The Presence of an Accountability Vacuum
Opponents of codification argue that there is no accountability vacuum, and therefore, there is no need for gender apartheid to be codified. This is due to the presence of Article 7(1)(h) in the Rome Statute, which includes gender persecution as a CAH. As recognised by the International Criminal Court’s (ICC) Office of the Prosecutor, gender persecutions are ‘rarely investigated adequately or charged’ and therefore there is a lack of jurisprudence on the matter.
However, the Office of the Prosecutor has stepped forth to clarify the application of gender persecution. The specific details of the elements required to prove gender persecution may be found here. Furthermore, the ICC commenced its first international criminal trial against an individual for the crime of gender persecution in 2018 amongst other crimes, showing that the ICC is actively seeking to utilise the existing provisions on gender persecution to bring justice to victims.
Without going into a detailed comparison, opponents of codification essentially argue that gender apartheid as currently envisioned is covered under the crime of gender persecution. Both acts involve a widespread or systematic attack against a civilian population. The Taliban’s acts of oppression against Afghan civilians, in particular women and girls, is part of a widespread or systematic attack as evident in their organisational policies. Therefore, it is already covered under the crime of gender persecution.
In contrast, proponents of codification argue that an accountability vacuum exists and that the crime of gender persecution is distinct from gender apartheid. They claim that gender apartheid is unique in animus and intent. Perpetrators of gender apartheid not only aim for the deprivation of rights but to ‘maintain an existent system of governance founded upon the systematic domination and oppression of another group or groups’. Therefore, the mens rea is fundamentally different.

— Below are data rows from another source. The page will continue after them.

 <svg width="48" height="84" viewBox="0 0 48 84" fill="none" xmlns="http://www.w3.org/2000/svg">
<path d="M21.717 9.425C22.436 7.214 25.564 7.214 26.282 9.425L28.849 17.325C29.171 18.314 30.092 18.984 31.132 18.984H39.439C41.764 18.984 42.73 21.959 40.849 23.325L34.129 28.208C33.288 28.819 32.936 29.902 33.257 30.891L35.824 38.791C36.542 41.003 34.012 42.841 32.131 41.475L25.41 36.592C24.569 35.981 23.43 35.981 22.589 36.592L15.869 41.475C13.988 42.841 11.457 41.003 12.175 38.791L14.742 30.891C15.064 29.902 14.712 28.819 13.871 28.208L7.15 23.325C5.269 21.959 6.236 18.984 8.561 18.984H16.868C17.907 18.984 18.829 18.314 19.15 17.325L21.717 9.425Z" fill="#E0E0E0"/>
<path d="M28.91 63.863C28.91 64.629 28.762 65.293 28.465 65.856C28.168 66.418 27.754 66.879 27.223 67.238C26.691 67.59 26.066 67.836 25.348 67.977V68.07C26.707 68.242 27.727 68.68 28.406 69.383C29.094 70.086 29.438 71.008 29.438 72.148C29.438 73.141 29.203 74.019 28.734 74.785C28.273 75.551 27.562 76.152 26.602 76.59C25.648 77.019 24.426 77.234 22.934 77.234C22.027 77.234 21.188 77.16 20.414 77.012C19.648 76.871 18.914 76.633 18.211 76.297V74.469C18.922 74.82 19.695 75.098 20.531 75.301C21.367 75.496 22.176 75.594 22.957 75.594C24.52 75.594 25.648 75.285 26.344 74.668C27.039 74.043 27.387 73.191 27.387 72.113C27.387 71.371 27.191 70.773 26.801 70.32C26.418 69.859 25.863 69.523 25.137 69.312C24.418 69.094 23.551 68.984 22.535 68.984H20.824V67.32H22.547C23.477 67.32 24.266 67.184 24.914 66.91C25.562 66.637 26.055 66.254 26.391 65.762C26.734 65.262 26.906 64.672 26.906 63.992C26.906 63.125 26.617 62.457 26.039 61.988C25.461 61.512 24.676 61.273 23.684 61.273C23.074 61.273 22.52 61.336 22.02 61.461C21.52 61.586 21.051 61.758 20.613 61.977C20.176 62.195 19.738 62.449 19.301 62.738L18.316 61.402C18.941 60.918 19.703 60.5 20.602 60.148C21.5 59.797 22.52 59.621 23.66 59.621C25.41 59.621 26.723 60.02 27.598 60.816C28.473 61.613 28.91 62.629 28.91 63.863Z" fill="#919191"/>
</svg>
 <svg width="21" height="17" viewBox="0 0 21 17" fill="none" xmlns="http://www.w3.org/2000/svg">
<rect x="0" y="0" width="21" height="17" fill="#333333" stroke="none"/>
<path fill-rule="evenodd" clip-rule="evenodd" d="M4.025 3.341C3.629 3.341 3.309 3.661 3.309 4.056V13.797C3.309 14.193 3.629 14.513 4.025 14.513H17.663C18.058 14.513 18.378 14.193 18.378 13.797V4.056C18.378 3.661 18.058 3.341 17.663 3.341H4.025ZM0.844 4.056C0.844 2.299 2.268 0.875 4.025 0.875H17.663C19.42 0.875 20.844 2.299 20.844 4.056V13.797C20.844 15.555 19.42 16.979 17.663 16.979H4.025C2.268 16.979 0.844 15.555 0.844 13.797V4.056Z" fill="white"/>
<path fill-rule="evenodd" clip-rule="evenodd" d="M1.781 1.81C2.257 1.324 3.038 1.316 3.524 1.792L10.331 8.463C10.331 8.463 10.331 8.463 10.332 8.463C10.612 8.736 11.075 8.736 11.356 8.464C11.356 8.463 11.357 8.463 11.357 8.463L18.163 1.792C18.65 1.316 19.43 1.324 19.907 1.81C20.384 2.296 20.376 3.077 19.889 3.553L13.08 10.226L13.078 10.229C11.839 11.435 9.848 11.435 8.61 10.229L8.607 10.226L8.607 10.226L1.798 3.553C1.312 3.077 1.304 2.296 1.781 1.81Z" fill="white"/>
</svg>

However, this argument has also received pushback. According to Ahmad Ali Shariati the Taliban’s motivations ‘run deeper than mere regime preservation’ and extend to their deep-rooted political convictions intertwined with religious beliefs. Therefore, establishing a mens rea focused on the creation of a discriminatory regime may be inadequate to truly help women in Afghanistan. Shariati claims that gender persecution is therefore “better suited” to deal with the Taliban’s oppressive conduct which deprives women of their fundamental rights.
Moving Forward
At the end of the day, both opponents and proponents of codification will agree that more needs to be done to protect women against oppressive acts. However, the disagreement lies in how best to achieve that. On legal reasoning alone, the opponents appear to have a stronger basis. Shariati suggests that to hold the Taliban and similar regimes accountable, one could exert further pressure on the ICC to issue arrest warrants against Taliban leaders for gender persecution. Certainly, that would be a welcome measure in protecting vulnerable women.
Perhaps, it might also be meaningful to pivot the discussion from codification to the absence of meaningful enforcement mechanisms in human rights treaties. Despite Afghanistan being a party to and violating several human rights treaties such as the International Covenant on Civil and Political Rights, the Taliban has evaded any real responsibility. Until States come together to address the pervasive problem with enforcement, the effectiveness of international law remains fraught with hurdles.
Elsa Shalina Abdullah is a Juris Doctor candidate at the Singapore Management University.